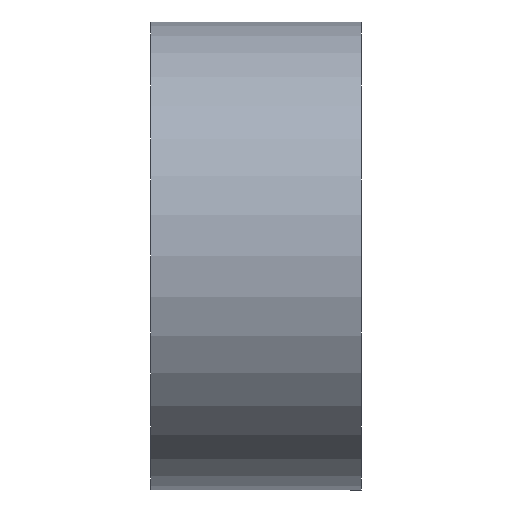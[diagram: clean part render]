
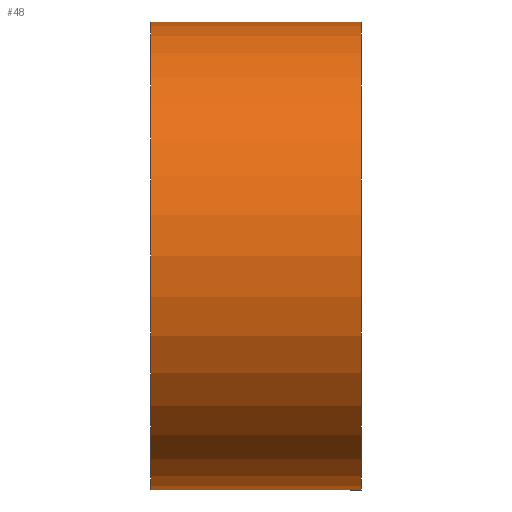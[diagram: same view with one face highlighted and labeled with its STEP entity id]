
A CAD part, front view. The second image highlights one B-rep face of the part: STEP entity #48.
In plain terms, the highlighted cylindrical face has radius 6.35 mm (diameter 12.7 mm), a partial arc.
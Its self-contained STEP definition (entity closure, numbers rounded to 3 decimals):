
#1 = EDGE_CURVE ( 'NONE', #21, #98, #13, .T. ) ;
#3 = CIRCLE ( 'NONE', #191, 6.35 ) ;
#5 = ORIENTED_EDGE ( 'NONE', *, *, #14, .T. ) ;
#13 = CIRCLE ( 'NONE', #140, 6.35 ) ;
#14 = EDGE_CURVE ( 'NONE', #43, #156, #141, .T. ) ;
#18 = CIRCLE ( 'NONE', #52, 6.35 ) ;
#21 = VERTEX_POINT ( 'NONE', #57 ) ;
#25 = VECTOR ( 'NONE', #151, 1000. ) ;
#28 = CARTESIAN_POINT ( 'NONE',  ( 45.195, 26.089, 0. ) ) ;
#31 = CARTESIAN_POINT ( 'NONE',  ( 45.195, 26.089, 0. ) ) ;
#34 = CYLINDRICAL_SURFACE ( 'NONE', #153, 6.35 ) ;
#39 = CARTESIAN_POINT ( 'NONE',  ( 45.195, 19.739, 0. ) ) ;
#40 = CARTESIAN_POINT ( 'NONE',  ( 50.895, 26.089, 6.35 ) ) ;
#43 = VERTEX_POINT ( 'NONE', #40 ) ;
#44 = DIRECTION ( 'NONE',  ( -1., 0., 0. ) ) ;
#48 = ADVANCED_FACE ( 'NONE', ( #51 ), #34, .T. ) ;
#51 = FACE_OUTER_BOUND ( 'NONE', #120, .T. ) ;
#52 = AXIS2_PLACEMENT_3D ( 'NONE', #172, #44, #229 ) ;
#56 = ORIENTED_EDGE ( 'NONE', *, *, #214, .T. ) ;
#57 = CARTESIAN_POINT ( 'NONE',  ( 50.895, 26.089, -6.35 ) ) ;
#59 = CARTESIAN_POINT ( 'NONE',  ( 50.895, 19.739, 0. ) ) ;
#60 = EDGE_CURVE ( 'NONE', #133, #156, #175, .T. ) ;
#71 = LINE ( 'NONE', #168, #25 ) ;
#72 = AXIS2_PLACEMENT_3D ( 'NONE', #28, #204, #96 ) ;
#74 = DIRECTION ( 'NONE',  ( 0., 0., 1. ) ) ;
#77 = DIRECTION ( 'NONE',  ( 0., 0., 1. ) ) ;
#90 = CARTESIAN_POINT ( 'NONE',  ( 50.895, 26.089, 0. ) ) ;
#91 = VERTEX_POINT ( 'NONE', #218 ) ;
#96 = DIRECTION ( 'NONE',  ( 0., 0., 1. ) ) ;
#98 = VERTEX_POINT ( 'NONE', #59 ) ;
#102 = DIRECTION ( 'NONE',  ( 0., 0., 1. ) ) ;
#120 = EDGE_LOOP ( 'NONE', ( #232, #159, #56, #5, #177, #221 ) ) ;
#133 = VERTEX_POINT ( 'NONE', #39 ) ;
#139 = DIRECTION ( 'NONE',  ( -1., 0., 0. ) ) ;
#140 = AXIS2_PLACEMENT_3D ( 'NONE', #90, #139, #74 ) ;
#141 = LINE ( 'NONE', #199, #178 ) ;
#151 = DIRECTION ( 'NONE',  ( -1., 0., 0. ) ) ;
#152 = CARTESIAN_POINT ( 'NONE',  ( 45.195, 26.089, 6.35 ) ) ;
#153 = AXIS2_PLACEMENT_3D ( 'NONE', #165, #167, #77 ) ;
#155 = DIRECTION ( 'NONE',  ( -1., 0., 0. ) ) ;
#156 = VERTEX_POINT ( 'NONE', #152 ) ;
#157 = EDGE_CURVE ( 'NONE', #91, #133, #3, .T. ) ;
#159 = ORIENTED_EDGE ( 'NONE', *, *, #1, .T. ) ;
#165 = CARTESIAN_POINT ( 'NONE',  ( 42.45, 26.089, 0. ) ) ;
#167 = DIRECTION ( 'NONE',  ( -1., 0., 0. ) ) ;
#168 = CARTESIAN_POINT ( 'NONE',  ( 42.45, 26.089, -6.35 ) ) ;
#172 = CARTESIAN_POINT ( 'NONE',  ( 50.895, 26.089, 0. ) ) ;
#175 = CIRCLE ( 'NONE', #72, 6.35 ) ;
#177 = ORIENTED_EDGE ( 'NONE', *, *, #60, .F. ) ;
#178 = VECTOR ( 'NONE', #179, 1000. ) ;
#179 = DIRECTION ( 'NONE',  ( -1., 0., 0. ) ) ;
#191 = AXIS2_PLACEMENT_3D ( 'NONE', #31, #155, #102 ) ;
#199 = CARTESIAN_POINT ( 'NONE',  ( 42.45, 26.089, 6.35 ) ) ;
#203 = EDGE_CURVE ( 'NONE', #21, #91, #71, .T. ) ;
#204 = DIRECTION ( 'NONE',  ( -1., 0., 0. ) ) ;
#214 = EDGE_CURVE ( 'NONE', #98, #43, #18, .T. ) ;
#218 = CARTESIAN_POINT ( 'NONE',  ( 45.195, 26.089, -6.35 ) ) ;
#221 = ORIENTED_EDGE ( 'NONE', *, *, #157, .F. ) ;
#229 = DIRECTION ( 'NONE',  ( 0., 0., 1. ) ) ;
#232 = ORIENTED_EDGE ( 'NONE', *, *, #203, .F. ) ;
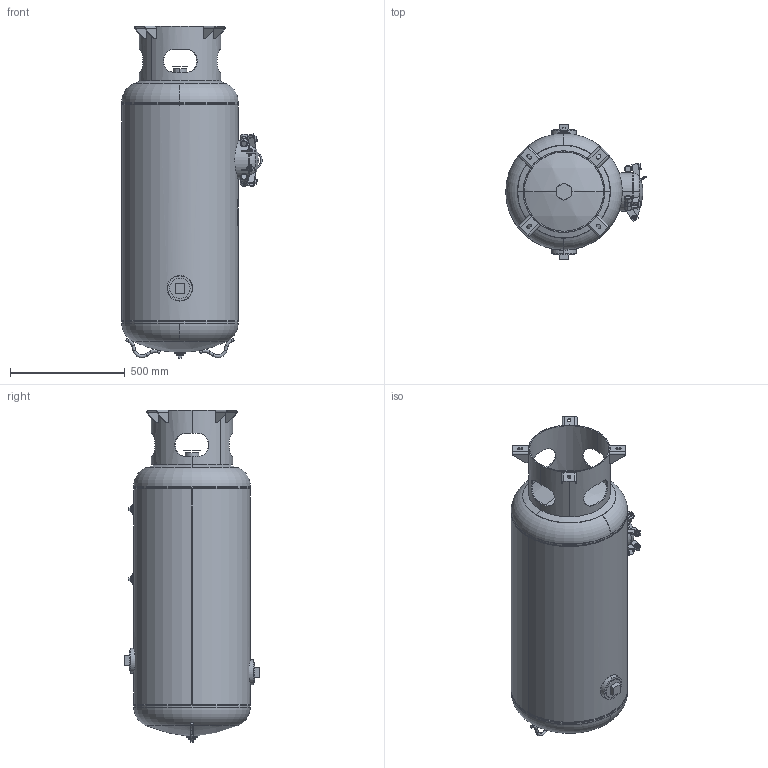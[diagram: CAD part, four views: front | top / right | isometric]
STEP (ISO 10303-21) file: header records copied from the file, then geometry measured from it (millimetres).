
FILE_DESCRIPTION (( 'STEP AP203' ), '1' );
FILE_NAME ('300956.STEP', '2012-03-05T20:43:36', ( '' ), ( '' ), 'SwSTEP 2.0', 'SolidWorks 2011', '' );
FILE_SCHEMA (( 'CONFIG_CONTROL_DESIGN' ));
Length unit declared in the file: inch
Products named in the file (1): 300956
Bounding box: 613.14 x 587.38 x 1448.72 mm (x, y, z)
Surface area: 4613972.7 mm2 (no closed solid volume)
Topology: 0 solids, 87 shells, 522 faces, 1489 edges, 1007 vertices
Faces by surface type: plane 266, cylinder 133, cone 47, torus 46, bspline 24, sphere 6
Full cylindrical faces by diameter (mm): 502.209 x1, 508 x1
Entity records: 26052 total; most frequent: CARTESIAN_POINT 12608, DIRECTION 2867, ORIENTED_EDGE 2408, EDGE_CURVE 1489, AXIS2_PLACEMENT_3D 1094, VERTEX_POINT 1007, VECTOR 679, LINE 679
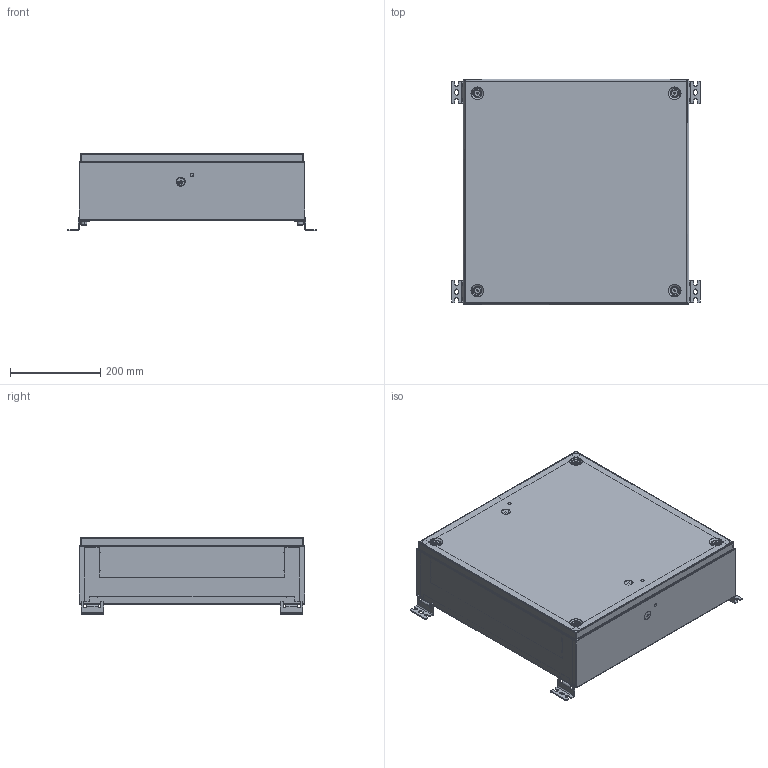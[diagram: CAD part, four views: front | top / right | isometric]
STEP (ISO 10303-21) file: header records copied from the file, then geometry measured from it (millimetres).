
FILE_DESCRIPTION (( 'STEP AP214' ), '1' );
FILE_NAME ('315.515.STEP', '2025-03-17T10:38:58', ( '' ), ( '' ), 'SwSTEP 2.0', 'SolidWorks 2021', '' );
FILE_SCHEMA (( 'AUTOMOTIVE_DESIGN' ));
Length unit declared in the file: millimetre
Products named in the file (19): Âèíò Ì6õ25 ìåáåëüíûé; Çàêëåïêà ðåçüáîâàÿ Ì6 øåñòèãðàííàÿ ñ óìåíüøåííûì áîðòîì; 室.315.515.10.02 署赅 W500D150; ÊÒ.315.515.20.01 Êðûøêà äâåðíàÿ W500H500; 471.100 Íàñòåííîå êðåïëåíèå; Çàêëåïêà ðåçüáîâàÿ Ì8 øåñòèãðàííàÿ ñ óìåíüøåííûì áîðòîì; Øïèëüêà ïðèâàðíàÿ Ì6õ10; Âèíò ñàìîíàðåçíîé Ò25-5,5õ13 TORX.step; Çíàê çàçåìëåíèÿ ô20ìì; Øïèëüêà ïðèâàðíàÿ Ì6õ16; ÊÒ.315.515.10.01 Êîðïóñ øêàôà W500H500D150; 妈眚 DIN 912-󋔊0-Zn; 室.315.515.10.02 署赅 蚜 W500D150.SLDPRT; Ãàñêåòèíã W500H500; 942.155 Ìîíòàæíàÿ ïàíåëü W500H500; ÊÒ.315.515.20.00 Êðûøêà ïåðåäíÿÿ ÑÁ; 315.515; ÊÒ.315.515.10.03 Ðàìà ìîíòàæíîé ïàíåëè; ÊÒ.315.515 ÑÁ Êàðêàñ øêàôà
Assembly tree (41 placements, depth 4):
  315.515
    ÊÒ.315.515 ÑÁ Êàðêàñ øêàôà
      ÊÒ.315.515.10.01 Êîðïóñ øêàôà W500H500D150
      室.315.515.10.02 署赅 蚜 W500D150.SLDPRT  x2
        室.315.515.10.02 署赅 W500D150
        Øïèëüêà ïðèâàðíàÿ Ì6õ10
        Çíàê çàçåìëåíèÿ ô20ìì
      ÊÒ.315.515.10.03 Ðàìà ìîíòàæíîé ïàíåëè  x2
    ÊÒ.315.515.20.00 Êðûøêà ïåðåäíÿÿ ÑÁ
      ÊÒ.315.515.20.01 Êðûøêà äâåðíàÿ W500H500
      Ãàñêåòèíã W500H500
      Øïèëüêà ïðèâàðíàÿ Ì6õ16  x2
      Çíàê çàçåìëåíèÿ ô20ìì  x2
    Çàêëåïêà ðåçüáîâàÿ Ì6 øåñòèãðàííàÿ ñ óìåíüøåííûì áîðòîì  x4
    Çàêëåïêà ðåçüáîâàÿ Ì8 øåñòèãðàííàÿ ñ óìåíüøåííûì áîðòîì  x4
    471.100 Íàñòåííîå êðåïëåíèå  x4
    妈眚 DIN 912-󋔊0-Zn  x4
    Âèíò Ì6õ25 ìåáåëüíûé  x4
    942.155 Ìîíòàæíàÿ ïàíåëü W500H500
    Âèíò ñàìîíàðåçíîé Ò25-5,5õ13 TORX.step  x4
Bounding box: 552 x 500 x 171.6 mm (x, y, z)
Volume: 1603717.3 mm3; surface area: 2403767.2 mm2
Topology: 40 solids, 40 shells, 2076 faces, 5283 edges, 3330 vertices
Faces by surface type: cylinder 1003, plane 812, cone 160, bspline 57, torus 36, sphere 8
Entity records: 34155 total; most frequent: CARTESIAN_POINT 14156, ORIENTED_EDGE 4038, DIRECTION 3890, EDGE_CURVE 2019, AXIS2_PLACEMENT_3D 1375, VERTEX_POINT 1267, LINE 1140, VECTOR 1140

***

- **Work request**
From the data above, output exactly the lines between the one containing "#71 = LINE ( 'NONE', #168, #25 ) ;" and the one containing "#221 = ORIENTED_EDGE", counting both of them.

- **Task response**
#71 = LINE ( 'NONE', #168, #25 ) ;
#72 = AXIS2_PLACEMENT_3D ( 'NONE', #28, #204, #96 ) ;
#74 = DIRECTION ( 'NONE',  ( 0., 0., 1. ) ) ;
#77 = DIRECTION ( 'NONE',  ( 0., 0., 1. ) ) ;
#90 = CARTESIAN_POINT ( 'NONE',  ( 50.895, 26.089, 0. ) ) ;
#91 = VERTEX_POINT ( 'NONE', #218 ) ;
#96 = DIRECTION ( 'NONE',  ( 0., 0., 1. ) ) ;
#98 = VERTEX_POINT ( 'NONE', #59 ) ;
#102 = DIRECTION ( 'NONE',  ( 0., 0., 1. ) ) ;
#120 = EDGE_LOOP ( 'NONE', ( #232, #159, #56, #5, #177, #221 ) ) ;
#133 = VERTEX_POINT ( 'NONE', #39 ) ;
#139 = DIRECTION ( 'NONE',  ( -1., 0., 0. ) ) ;
#140 = AXIS2_PLACEMENT_3D ( 'NONE', #90, #139, #74 ) ;
#141 = LINE ( 'NONE', #199, #178 ) ;
#151 = DIRECTION ( 'NONE',  ( -1., 0., 0. ) ) ;
#152 = CARTESIAN_POINT ( 'NONE',  ( 45.195, 26.089, 6.35 ) ) ;
#153 = AXIS2_PLACEMENT_3D ( 'NONE', #165, #167, #77 ) ;
#155 = DIRECTION ( 'NONE',  ( -1., 0., 0. ) ) ;
#156 = VERTEX_POINT ( 'NONE', #152 ) ;
#157 = EDGE_CURVE ( 'NONE', #91, #133, #3, .T. ) ;
#159 = ORIENTED_EDGE ( 'NONE', *, *, #1, .T. ) ;
#165 = CARTESIAN_POINT ( 'NONE',  ( 42.45, 26.089, 0. ) ) ;
#167 = DIRECTION ( 'NONE',  ( -1., 0., 0. ) ) ;
#168 = CARTESIAN_POINT ( 'NONE',  ( 42.45, 26.089, -6.35 ) ) ;
#172 = CARTESIAN_POINT ( 'NONE',  ( 50.895, 26.089, 0. ) ) ;
#175 = CIRCLE ( 'NONE', #72, 6.35 ) ;
#177 = ORIENTED_EDGE ( 'NONE', *, *, #60, .F. ) ;
#178 = VECTOR ( 'NONE', #179, 1000. ) ;
#179 = DIRECTION ( 'NONE',  ( -1., 0., 0. ) ) ;
#191 = AXIS2_PLACEMENT_3D ( 'NONE', #31, #155, #102 ) ;
#199 = CARTESIAN_POINT ( 'NONE',  ( 42.45, 26.089, 6.35 ) ) ;
#203 = EDGE_CURVE ( 'NONE', #21, #91, #71, .T. ) ;
#204 = DIRECTION ( 'NONE',  ( -1., 0., 0. ) ) ;
#214 = EDGE_CURVE ( 'NONE', #98, #43, #18, .T. ) ;
#218 = CARTESIAN_POINT ( 'NONE',  ( 45.195, 26.089, -6.35 ) ) ;
#221 = ORIENTED_EDGE ( 'NONE', *, *, #157, .F. ) ;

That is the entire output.